It's a worrying trend, it's getting worse and in many ways began around the time COVID-19 struck—Around the beginning of 2020. Wildfires have been around for years I hear you screaming, and, they have, however, the wildfire which happened in Australia at the end of 2019 and the beginning of 2020 was a trailblazer, if you'll excuse the pun. . .
No documented wildfire in the history of mankind had ever witnessed such an event resulting in the deaths of more than 2 billion animals the destruction of 25% of Australia's temperate forests and the loss of 60% of their summer crops. Later that year, it happened again, this time in California, and a year later it was in Canada and the entire western coast of the US. It's happened since in Canada once again, Syberia, Europe twice, the Amazon and this year of course in Texas.

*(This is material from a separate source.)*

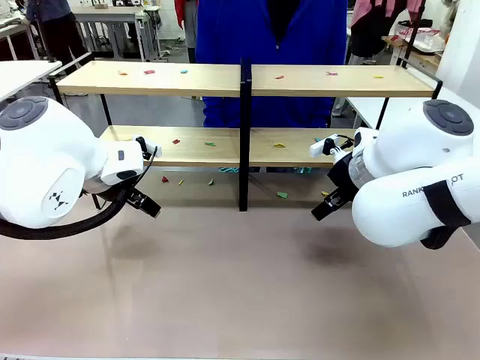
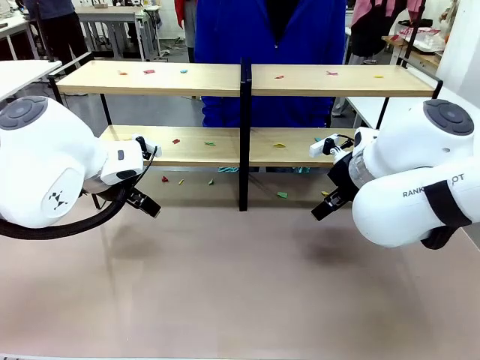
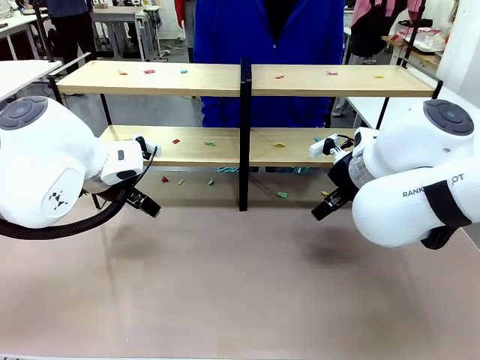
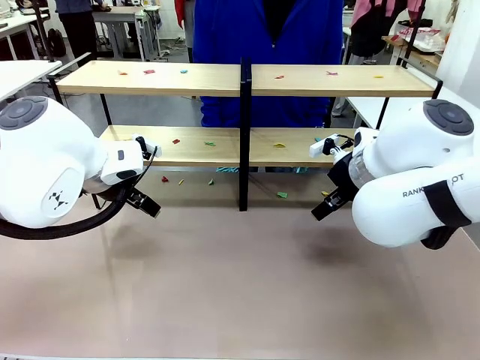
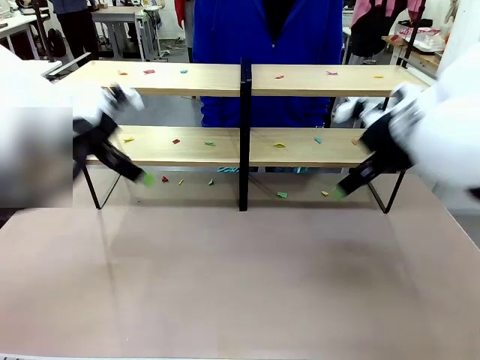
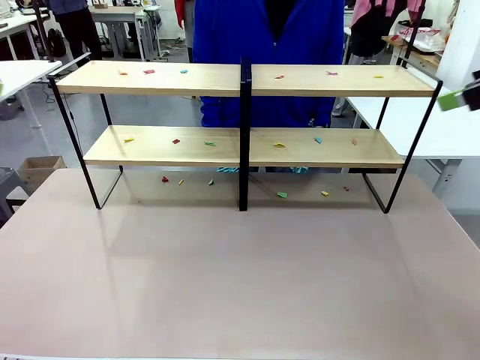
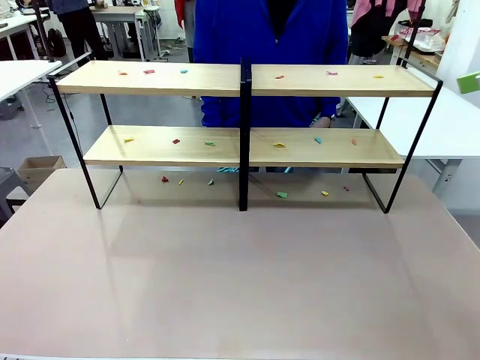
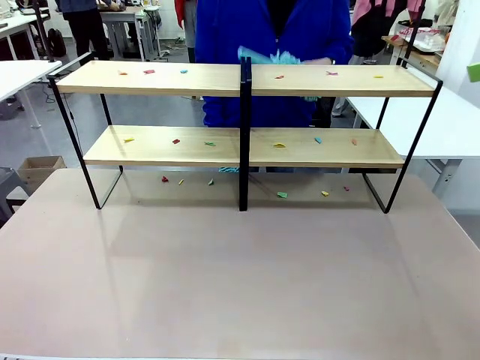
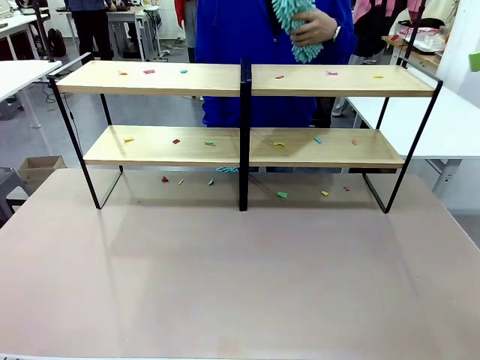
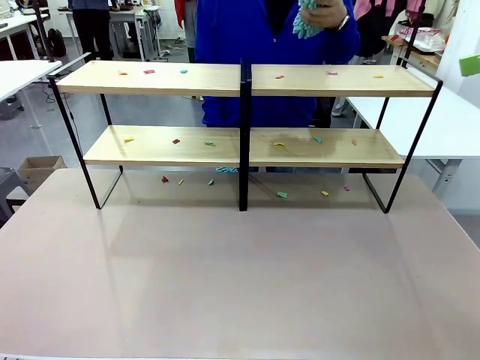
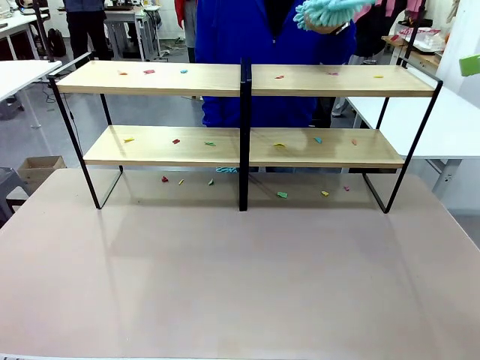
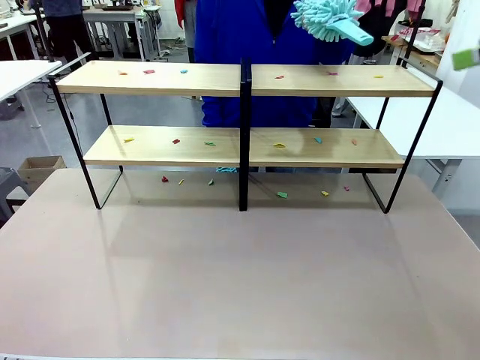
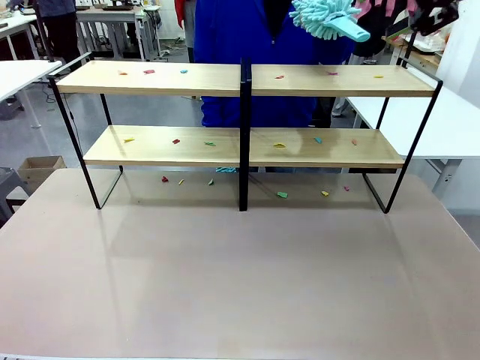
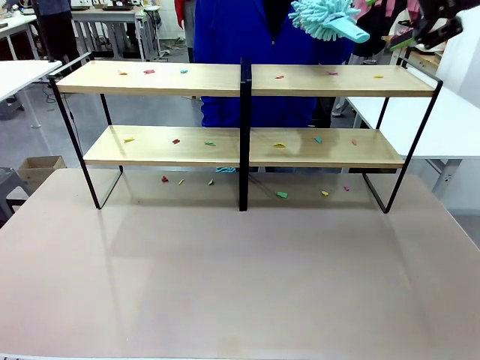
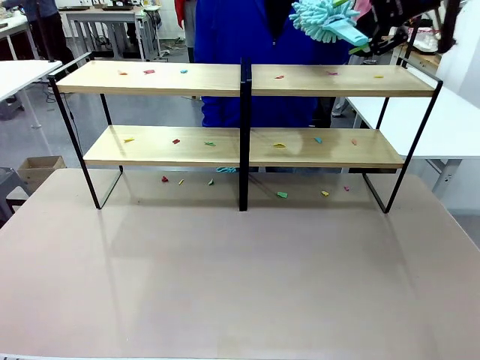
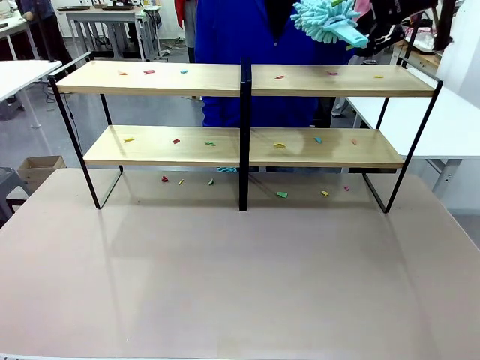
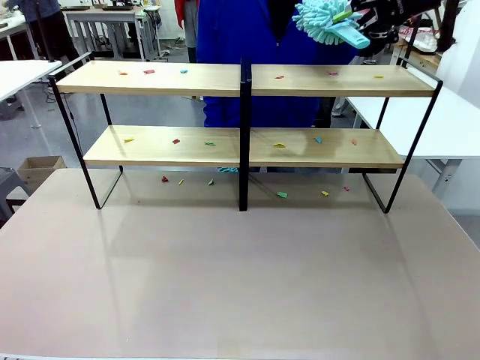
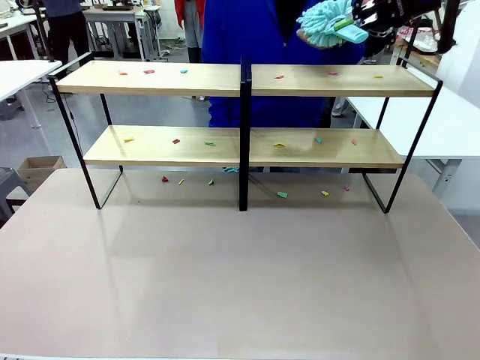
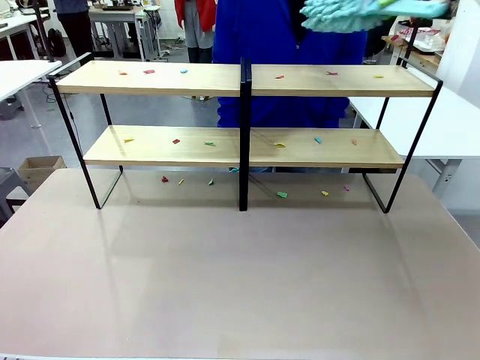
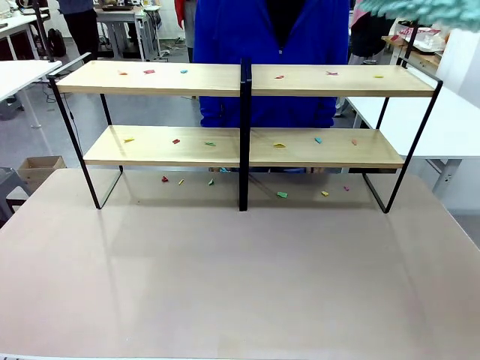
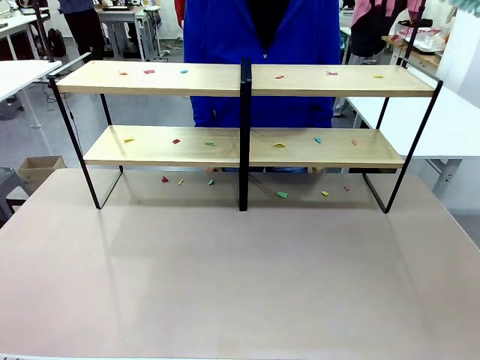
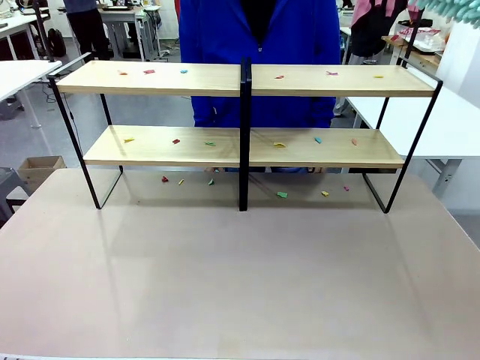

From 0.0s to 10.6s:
Task: Clean the shelves.
Robot: Pick up the Duster when the human hands it over.
Person: Hand the Duster to the robot with your right (or left) hand.

Firefighters are racing to wrangle the largest blaze in Texas history at the moment, a fire which started, not at the end of a tinder-dry summer but—In winter. Hot air and raging winds have fueled the infernos in recent days, reducing entire neighbourhoods to rubble and inflicting harrowing injuries upon ranchers’ livestock. Since igniting in February, the ravenous Smokehouse Creek Fire has incinerated more than 1 million acres of the Texas Panhandle and is still only 15% contained. The fire has killed at least two people and crossed into Oklahoma, where more than 31,000 acres have been burned. Five fires tearing across the Panhandle have burned as many as 500 homes and businesses, state officials said.
A new blaze – the Roughneck Fire – ignited in Hutchinson County on Sunday and prompted evacuations there as crews raced to get resources to the area. First responders hoped that after the weekend’s severe fire risk, improved conditions in the coming days would allow them to inch closer to containing the infernos, Texas A&M Forest Service spokesperson Jason Nedlo told CNN on Saturday. But the blazes have so far been thriving on a bounty of fuel, including blankets of grass grown after higher-than-average rainfall this winter.“There’s a lot of fuel on the ground,” Nedlo said. “When you add high winds and low humidity to high fuel load levels, that’s when you get the conditions that are ripe for large, fast-burning wildfires.”
Whatever happens in the days, weeks and months to come this wildfire will go down in history, not for its intensity but the fact that it started in late winter and after higher-than-average rainfall.